Entretien By Jéremie Szpirglas, le 31/10/2017

Fils du ténor allemand Christoph Prégardien, pionnier du renouveau baroque et grand promoteur du Lied, Julian Prégardien reprend avec talent le flambeau. Il sera les 23 et 24 novembre prochain sur la scène de l’Opéra-Comique pour interpréter la relecture contemporaine du Winterreise (Voyage d’hiver) de Franz Schubert par Hans Zender, enrichi d’une mise en scène de Jasmina Hadziahmetovic. Rencontre avec un Wanderer (voyageur) contemporain.

Julian, comment êtes-vous devenu chanteur lyrique ?

Je suis né dans une famille qui vit pour la musique. Et pas uniquement dans ses aspects professionnels : d’abord, tout le monde ou presque chante ou a chanté dans des chœurs d’église et/ou joue d’un instrument.
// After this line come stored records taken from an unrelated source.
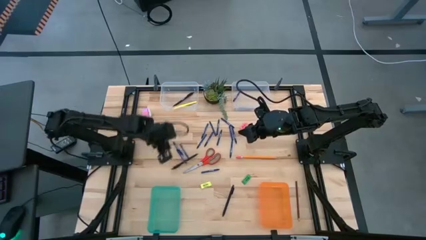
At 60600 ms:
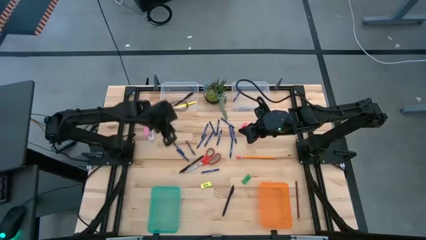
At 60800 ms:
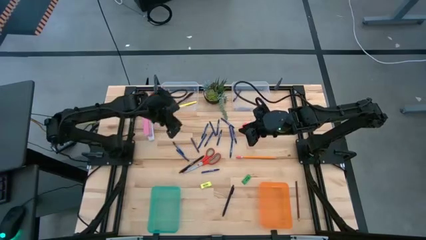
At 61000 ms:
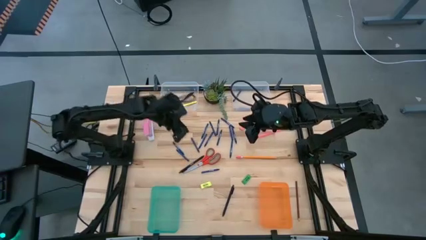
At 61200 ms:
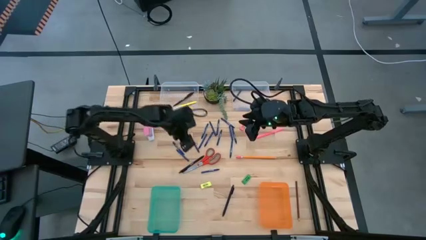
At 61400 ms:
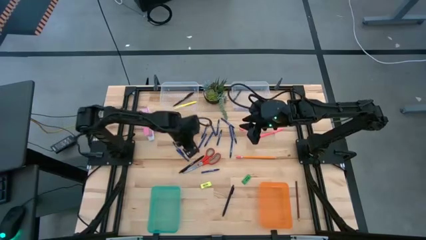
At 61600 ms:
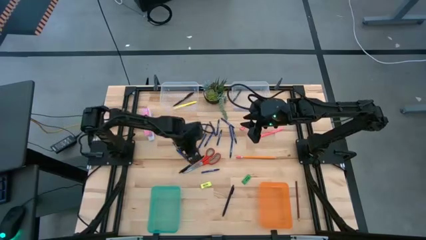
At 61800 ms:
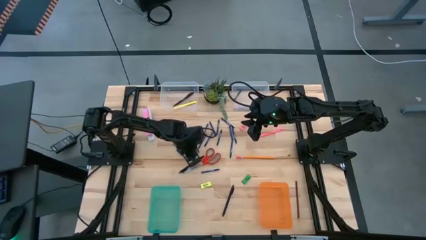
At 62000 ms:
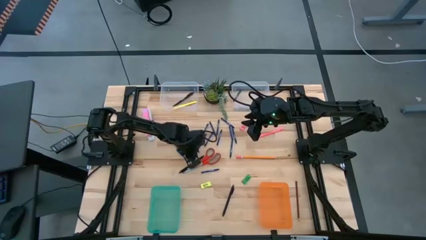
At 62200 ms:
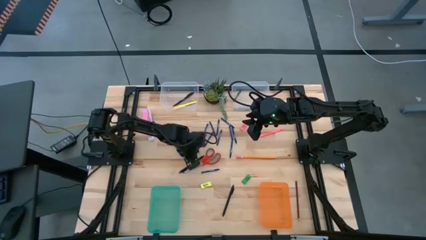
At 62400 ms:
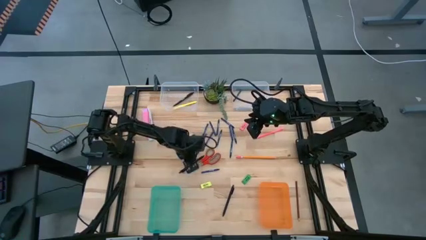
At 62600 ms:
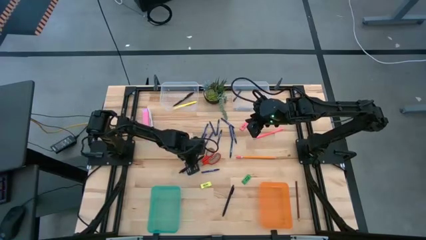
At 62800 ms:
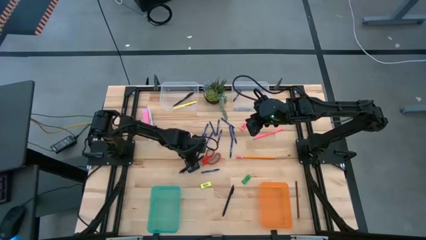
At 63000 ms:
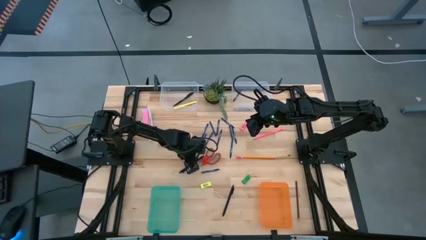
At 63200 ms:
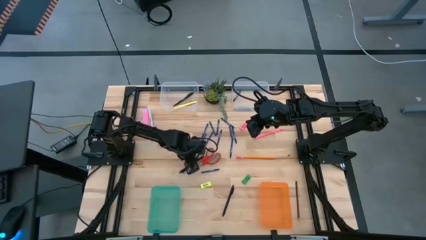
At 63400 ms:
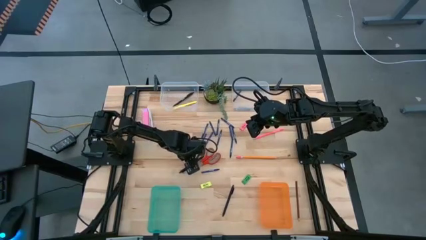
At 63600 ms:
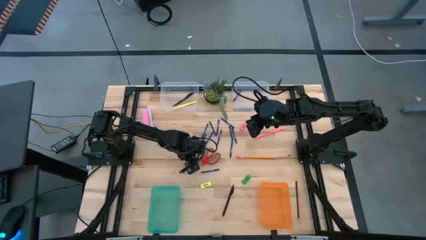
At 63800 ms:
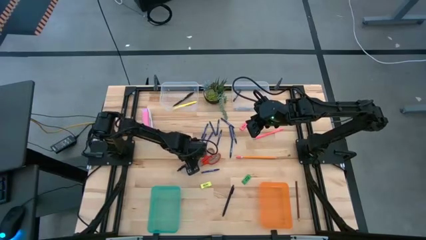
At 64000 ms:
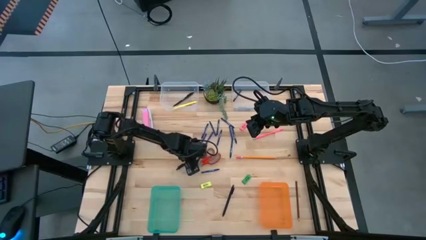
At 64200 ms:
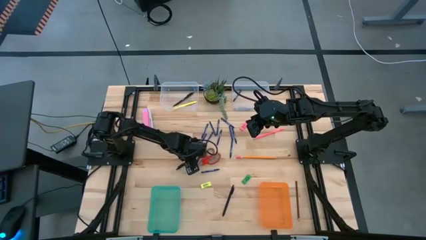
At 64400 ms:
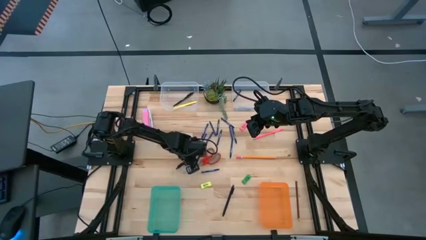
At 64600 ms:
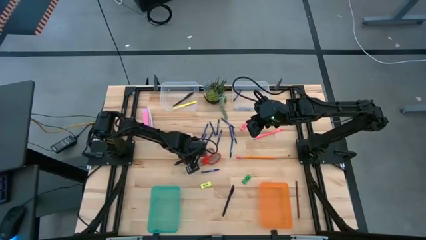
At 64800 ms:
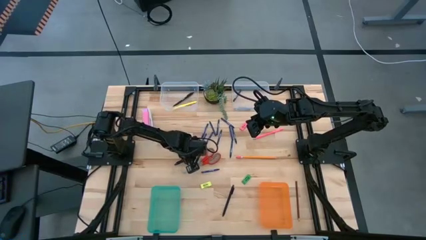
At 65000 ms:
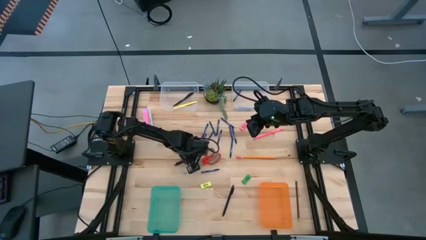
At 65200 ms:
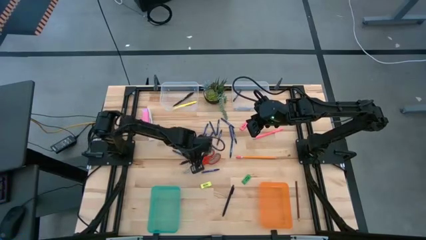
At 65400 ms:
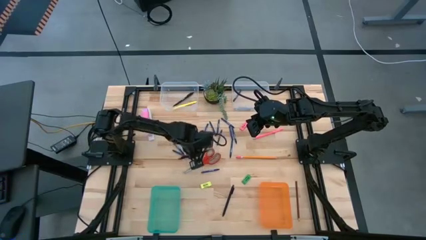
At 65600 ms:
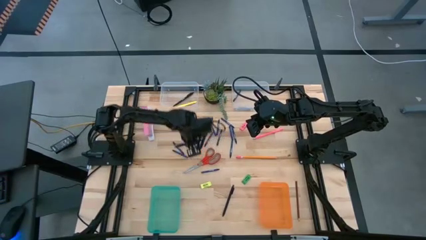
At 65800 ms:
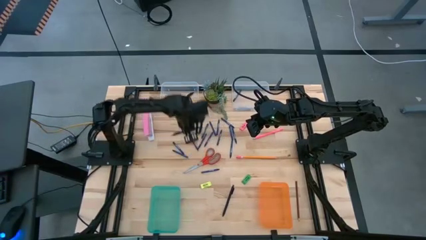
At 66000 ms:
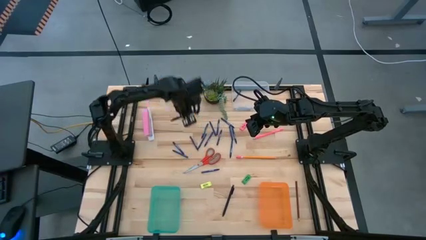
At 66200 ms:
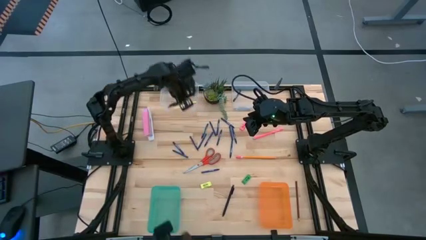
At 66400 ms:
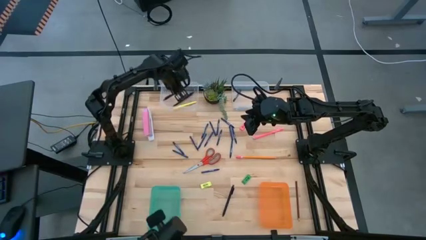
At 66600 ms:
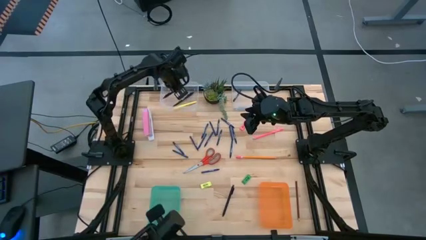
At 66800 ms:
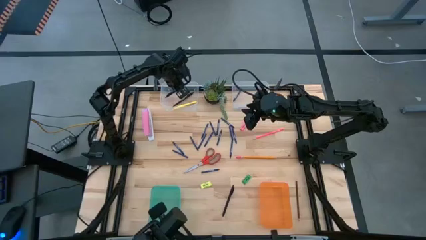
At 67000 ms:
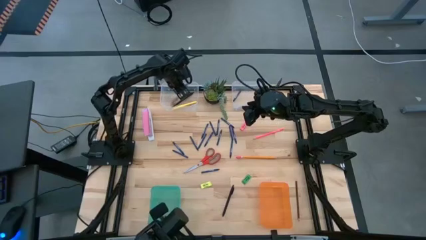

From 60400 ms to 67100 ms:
Task: Sort crayons/erasers/pens/pencils in bins
Put the black pen into the left transparent bin

Le chant est donc pour moi un mode de communication très naturel. D’autre part, trois « chocs esthétiques » ont contribué à ma personnalité musicale : l’écoute de l’ouverture de Guillaume Tell de Rossini sur vinyle (sans doute à l’origine de mon attrait pour les rythmes et la structure), celle d’Elias de Mendelssohn, avec chœur de garçons (c’est ce qui m’a donné l’envie de chanter) et celle de mon père chantant l’Évangéliste de La Passion selon Saint Matthieu, et notamment la scène du reniement de Pierre (c’est peut-être la raison pour laquelle, le Winterreise mis à part, il n’y a rien que j’aime chanter davantage que cette partie de l’Évangéliste).

Quelle relation entretenez-vous avec le répertoire contemporain ?

La musique contemporaine fait partie de mon travail, au quotidien : j’ai par exemple déjà créé, et je chante régulièrement, deux cycles de Lieder du compositeur allemand Wilhelm Killmayer (1927-2017). J’aspire plus que tout à développer ce pan de mon activité, en travaillant avec des ensembles aussi renommés que l’Ensemble intercontemporain. Interpréter la musique d’aujourd’hui représente une grande responsabilité, pour tout musicien qui se respecte. On a de plus la chance de discuter avec le compositeur ! Ce qui m’est d’une grande aide pour déchiffrer le code (c’est ainsi que je considère la partition remplie de notes).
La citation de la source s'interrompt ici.